Then a voice from a darkened corner speaks. He’s been here before, a veteran and senses my terror, my weakness and flings out a hand to drag me back to shore and save me from the depths of a black and terrifying ocean. I listen mostly, adding an occasional cliche or just a noise until I sense that I have recovered the strength to be alone. Life has come full circle, I think.

And although I’m far too frightened to close my eyes, I give way to the darkness where the sounds emanating from machines punctuate the eerie, unwanted silence. It is all too much.

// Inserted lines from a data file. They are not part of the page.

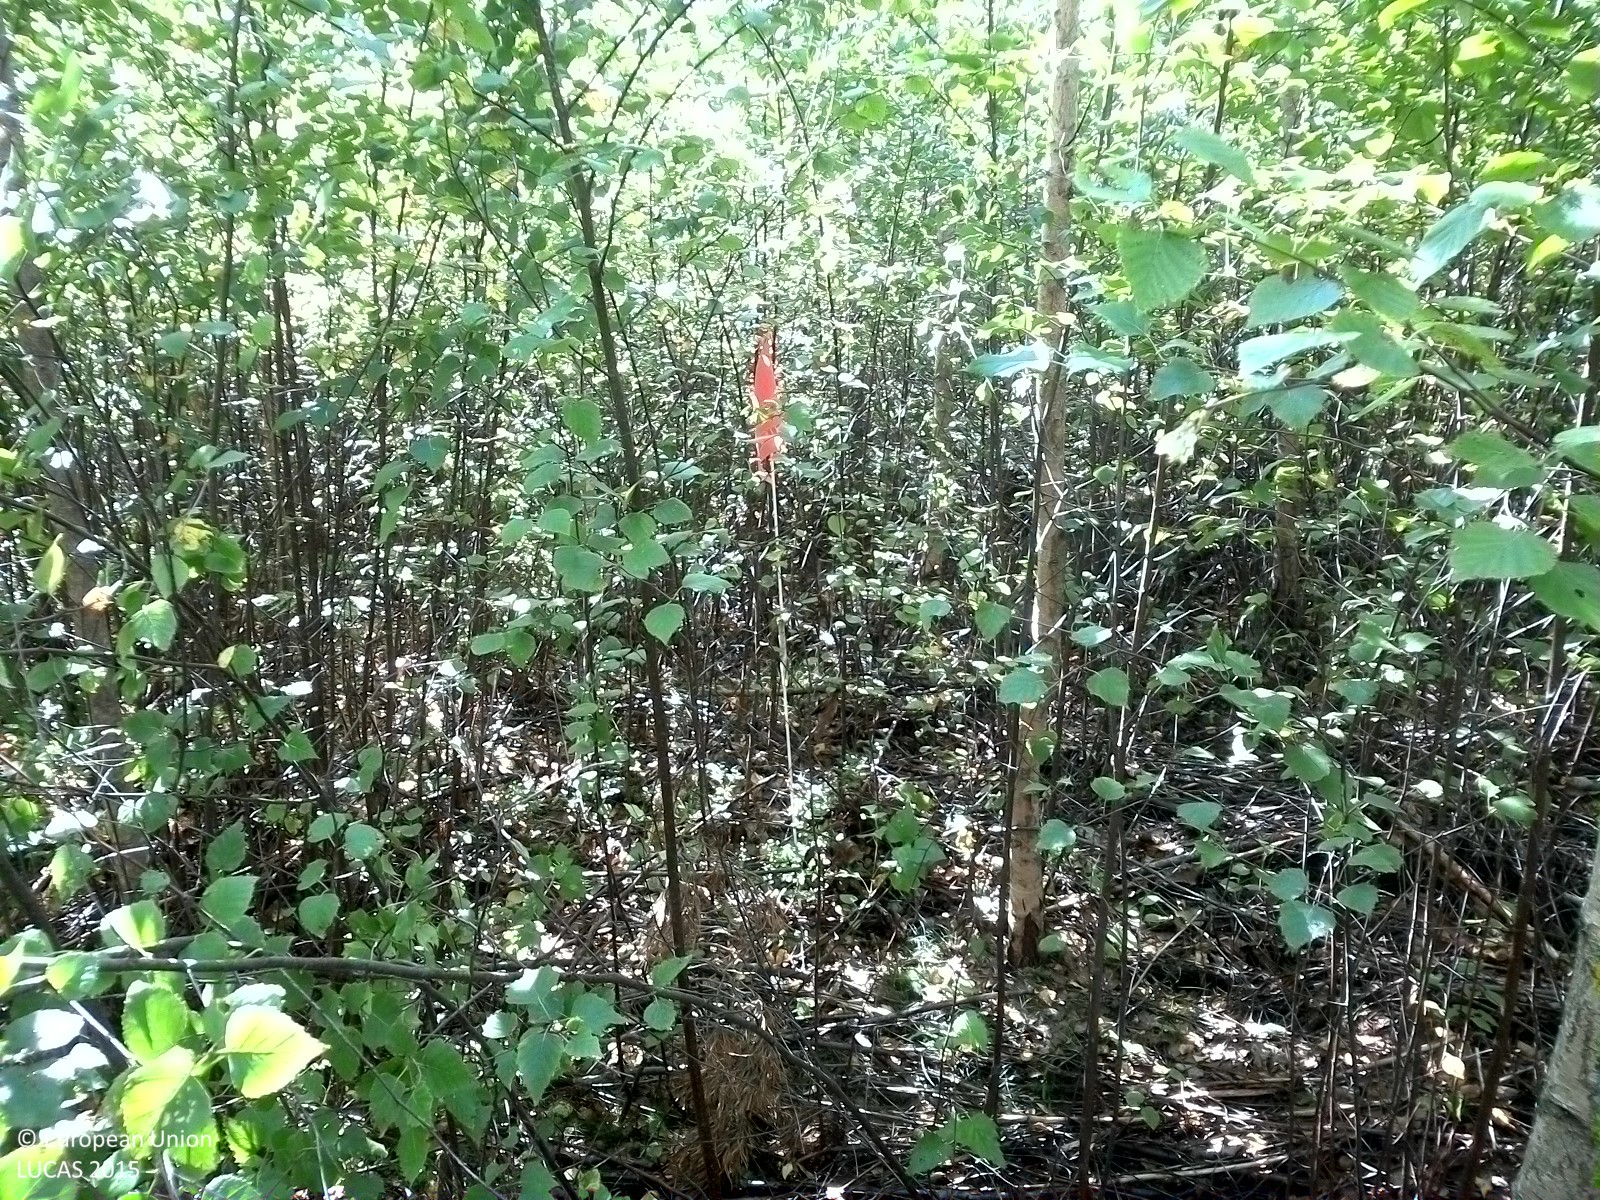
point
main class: Woodland
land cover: Broadleaved woodland
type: hemiboreal forest and nemoral coniferous forest and mixed broadleaved-coniferous forest
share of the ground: > 75 %
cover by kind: broadleaved forest trees 90 %, herbaceous plants 5 %, unconsolidated bare surface 5 %
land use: Forestry
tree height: < 5 m
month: August
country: SE
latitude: 59.2469
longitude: 15.4096
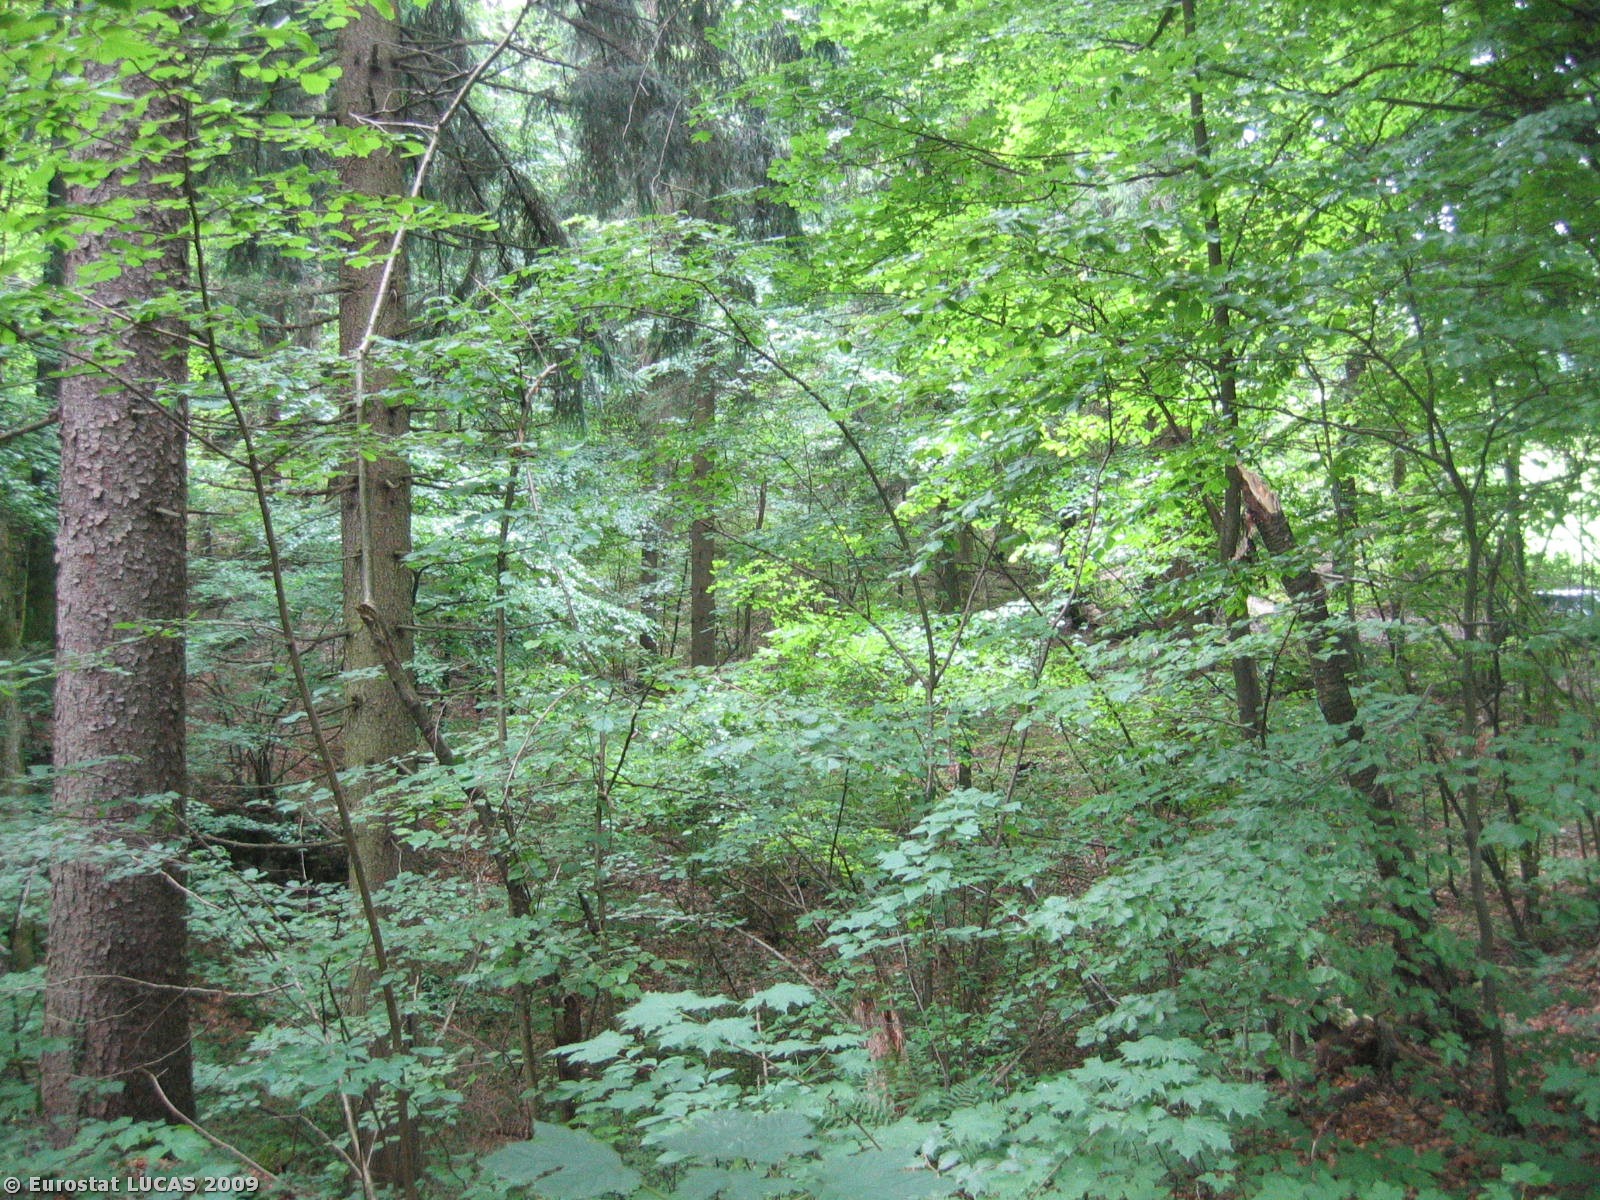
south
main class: Woodland
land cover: Mixed woodland
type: beech forest
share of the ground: > 75 %
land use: Forestry
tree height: > 5 m
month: July
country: SI
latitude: 45.9975
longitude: 14.2184
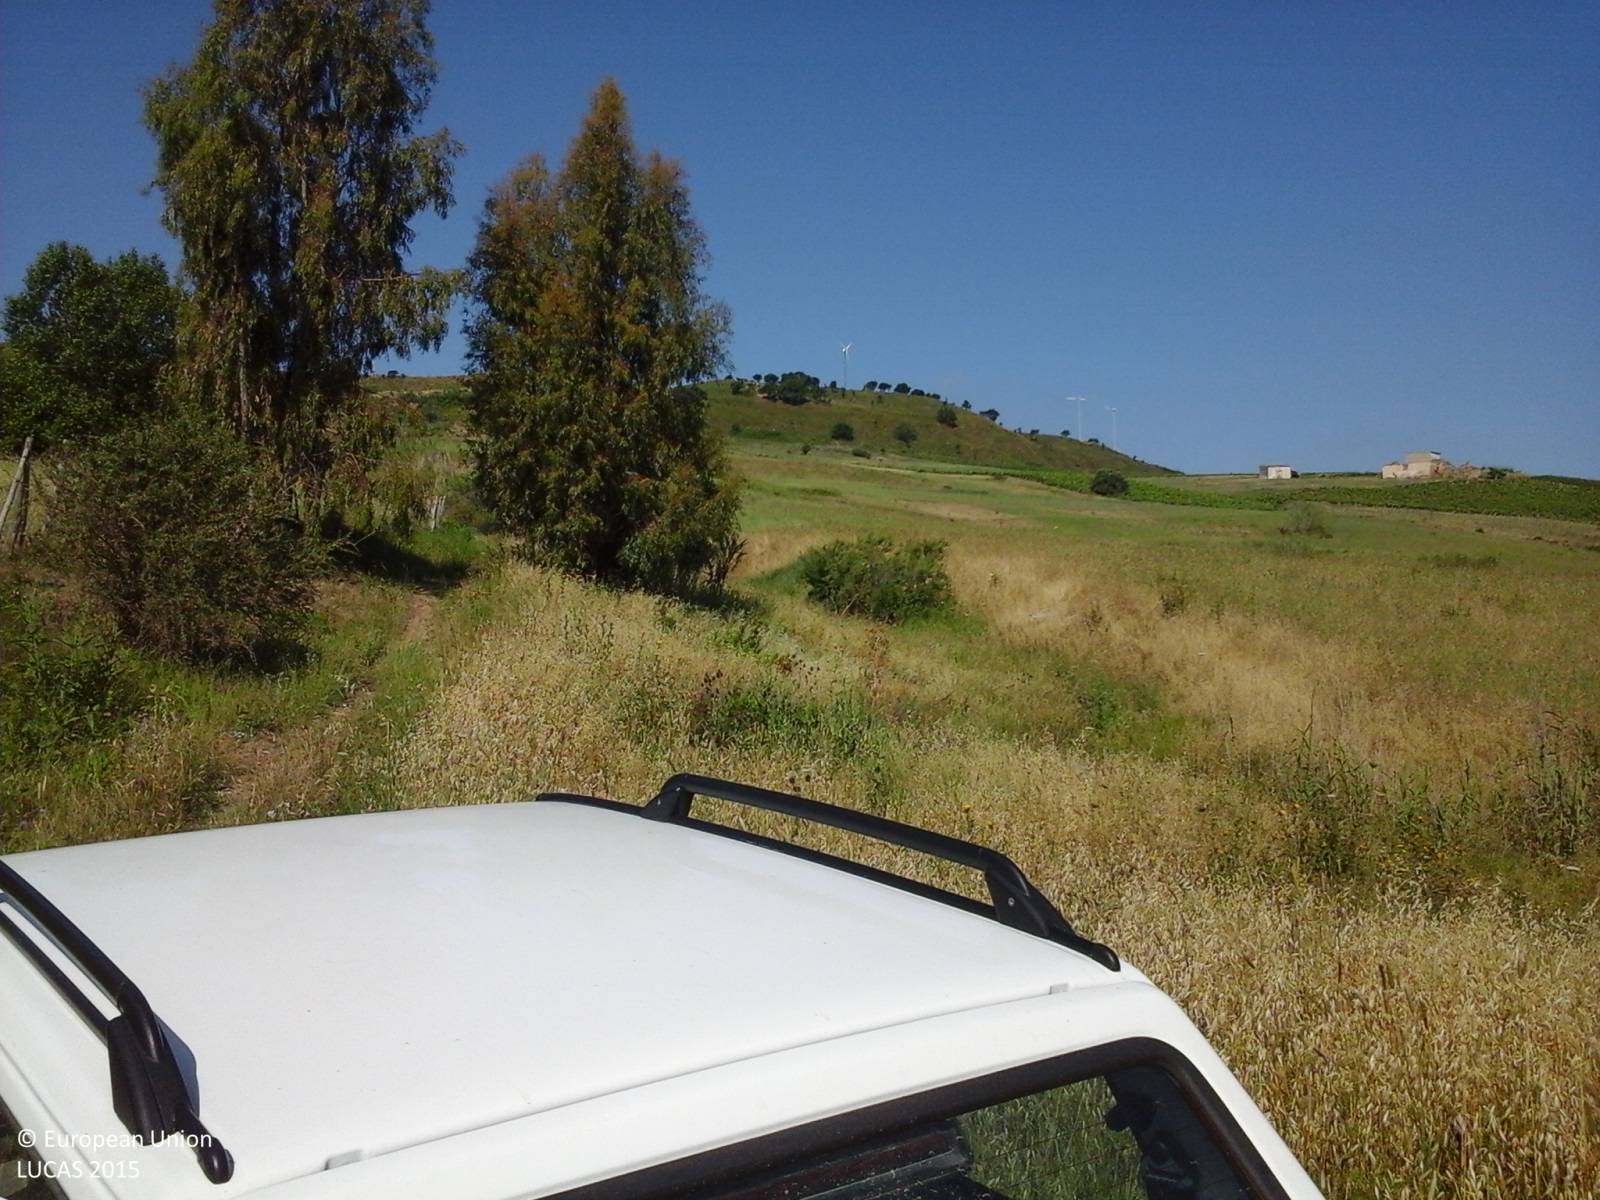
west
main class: Grassland
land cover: Grassland without tree/shrub cover
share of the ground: > 75 %
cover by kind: herbaceous plants 100 %
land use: Semi-natural and natural areas not in use
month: June
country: IT
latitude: 37.9699
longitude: 13.0854
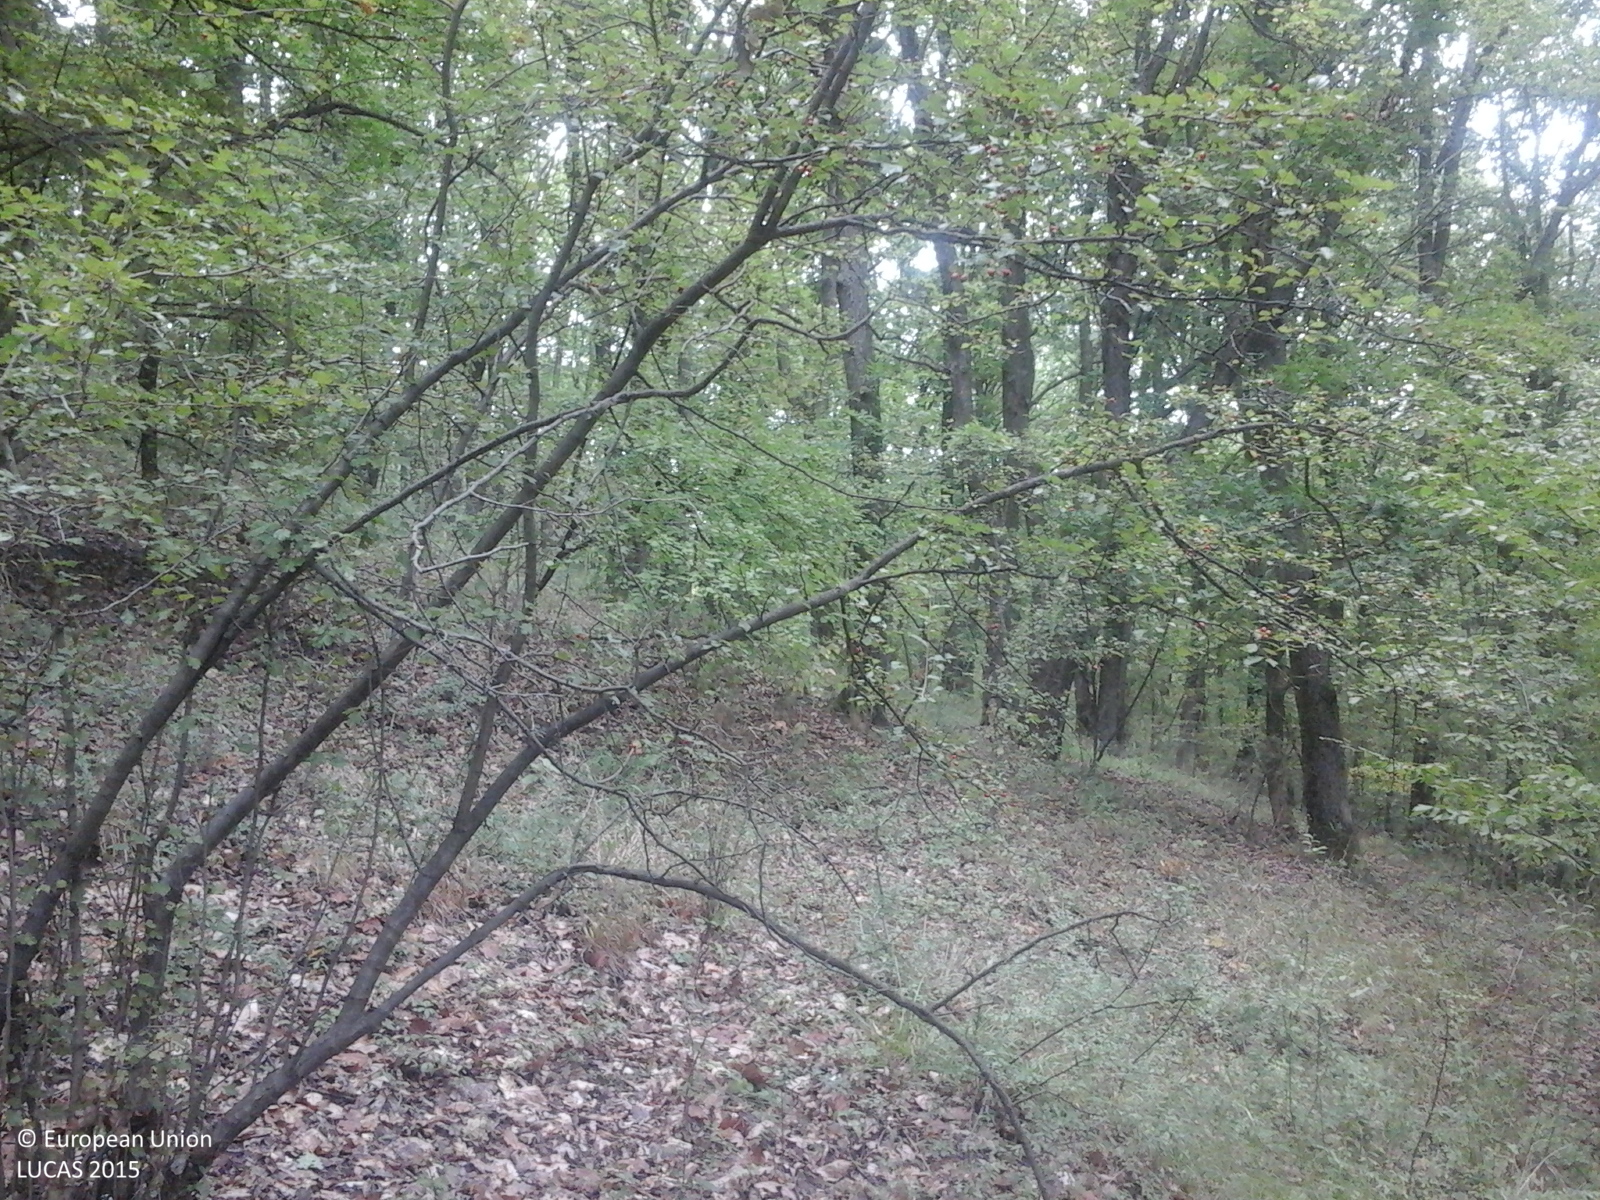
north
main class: Woodland
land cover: Broadleaved woodland
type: acidophilous oak and oak-birch forest
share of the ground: > 75 %
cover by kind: broadleaved forest trees 100 %
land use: Forestry
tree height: > 5 m
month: September
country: RO
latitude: 47.0781
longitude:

Eventually, I am woken by strangers with the best of intentions, giving me tablets, asking more questions, taking more blood and as dawn’s light pushes its way into my dreams, I realise I am still alive. Still here. Still scared, still bewildered, still alone. No longer disguised by darkness I paint on another mask of confidence. This is what men do.

Far too much later she returns. It has been a lifetime. I’m still here. Still hers. Eternally, but almost not at all.

What happened to me wasn’t all that serious. Not when put into context, anyway. I didn’t have a heart attack and as far as I’m aware, there was never any panic from the people that matter that I might not make it. There were, however, some serious conversations had and I was left in no doubt that I’d been very silly to leave things as I did. I worked with a heartbeat of 140+ for a few days. I can’t quite remember, but I think I coached my football team and ran a warm-up that weekend too. Even when a doctor told me I should go to the emergency department I somehow managed to weasel my way out of it and attend a meeting about our football club instead. My doctor called me in the middle of the meeting though and when blue lights were threatened, I took the hint.

On hearing that I’d been ignoring my thumping heart a nurse made some kind of remark that was along the lines of ‘it’s a good job you finally came in’ and that really shocked me. Later, my cardiologist took time to inform me that I would be monitored very carefully and that they were doing everything they could to stabilise things. Meanwhile, I became sure that I wouldn’t be going home.

So that’s what the first verse is referring to. I ignored things thinking that one morning I’d wake up and it would all be alright – very male! I didn’t dare tell my wife at first so I didn’t worry her and then as time went on, so she wouldn’t explode at me!

At hospital I expected to be prescribed some pills and sent on my way. When I wasn’t I was scared. The whole process was lightening quick – a nurse would visit and prod me or give an injection or a tablet, then a doctor, then another with questions and I was told I’d definitely be admitted. My wife came in with a bag for my stay and I had to appear my usual relaxed self. Hence, the line that ‘strength is a necessary pretence‘.

I wasn’t allowed to walk up to the ward. A porter was summoned and I was taken in a wheelchair and this is where the ‘casualty of war/damaged antique image comes from. It was after 11pm so the ward was dark – bizarelly I didn’t expect this – and after a lot of activity with various staff coming and going, I was left alone. I didn’t know what to do with myself, so I sat fighting tears.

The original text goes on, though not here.